The crypto markets are seeing a wave of green, with Bitcoin near $3,900 and Ethereum close to $160.

Saturday, Jan. 5 — the crypto markets are mainly in the green today, as Bitcoin (BTC) moves closer to the $3,900 mark, data from Coin360 shows.

Market visualization by Coin360

Market visualization by Coin360

Bitcoin has shown slight growth today, up by around 3 percent and trading at about $3,899 at press time. Over the month, Bitcoin is up almost 1 percent and almost 7 percent over the week.

Bitcoin 7-day price chart

Bitcoin 7-day price chart. Source: Cointelegraph’s Bitcoin Price Index.

Ethereum (ETH) is currently trading at around $159, up more than 6 percent on the day at press time. The second-largest cryptocurrency is seeing around 35 percent gains over the week, and 47 percent gains over the month.

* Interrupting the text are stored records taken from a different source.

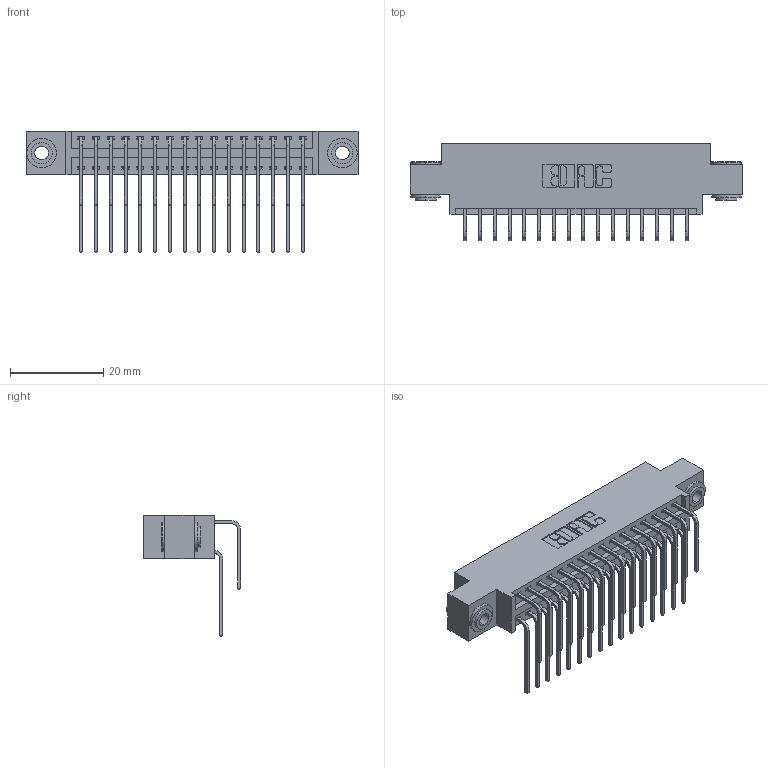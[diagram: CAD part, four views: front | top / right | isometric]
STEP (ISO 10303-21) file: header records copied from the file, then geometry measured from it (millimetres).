
FILE_DESCRIPTION (( 'STEP AP203' ), '1' );
FILE_NAME ('396-032-559-803.STEP', '2018-09-05T12:16:41', ( '' ), ( '' ), 'SwSTEP 2.0', 'SolidWorks 2016', '' );
FILE_SCHEMA (( 'CONFIG_CONTROL_DESIGN' ));
Length unit declared in the file: inch
Products named in the file (5): 346 Part_0.170 Offset - 0.156 Dia-TH; 345-292-001_558 559 Tail - 1; 345-292-001_559 Tail - 2; 345-250-002_345-250-002-102; 396-032-559-803
Assembly tree (35 placements, depth 2):
  396-032-559-803
    346 Part_0.170 Offset - 0.156 Dia-TH
    345-292-001_558 559 Tail - 1  x16
    345-292-001_559 Tail - 2  x16
    345-250-002_345-250-002-102  x2
Bounding box: 71.37 x 20.89 x 26.16 mm (x, y, z)
Volume: 6807.3 mm3; surface area: 10227.8 mm2
Topology: 35 solids, 35 shells, 1892 faces, 5569 edges, 3666 vertices
Faces by surface type: plane 1274, cylinder 610, cone 8
Entity records: 16508 total; most frequent: CARTESIAN_POINT 2786, ORIENTED_EDGE 2662, DIRECTION 2509, EDGE_CURVE 1331, VECTOR 1071, LINE 1071, VERTEX_POINT 882, AXIS2_PLACEMENT_3D 719

This week, developers from Ethereum discussed the possibility of implementing a new proof-of-work (PoW) algorithm that would raise the efficiency of GPU-based — rather than ASIC-based — mining on the network. The debate over whether to go forward with the implementation comes ahead of the upcoming Ethereum Constantinople hard fork.

Ethereum’s 7-day price chart

Ethereum’s 7-day price chart. Source: Cointelegraph’s Ethereum Price Index

Third-largest cryptocurrency Ripple (XRP) is up over 2 percent at press time, trading at around $0.36. Over the week, the coin has seen more than 7 percent growth, and almost 5 percent gains over the month.

Ripple 7-day price chart

Ripple 7-day price chart. Source: Cointelegraph’s Ripple Price Index.

The total market cap of all cryptocurrencies is currently around $133 billion at press time, up from its weekly low of about $125 billion.

7-day chart of total market capitalization of all cryptocurrencies

7-day chart of total market capitalization of all cryptocurrencies from CoinMarketCap

Of the top ten cryptocurrencies, Litecoin (LTC) and TRON are showing the biggest growth, up over 12 and 15 percent respectively.

Earlier this week, the Gemini crypto exchange — founded by the Winklevoss twins in 2014 — released a series of ads calling for better regulation of the crypto space. The ads, which read “Crypto needs rules,” were received with mixed reactions from the crypto community, as some believe the space suffers from the intervention of regulators.

Also this week, five more crypto exchanges — including Coincheck — joined Japan’s self-regulatory association of cryptocurrency exchanges.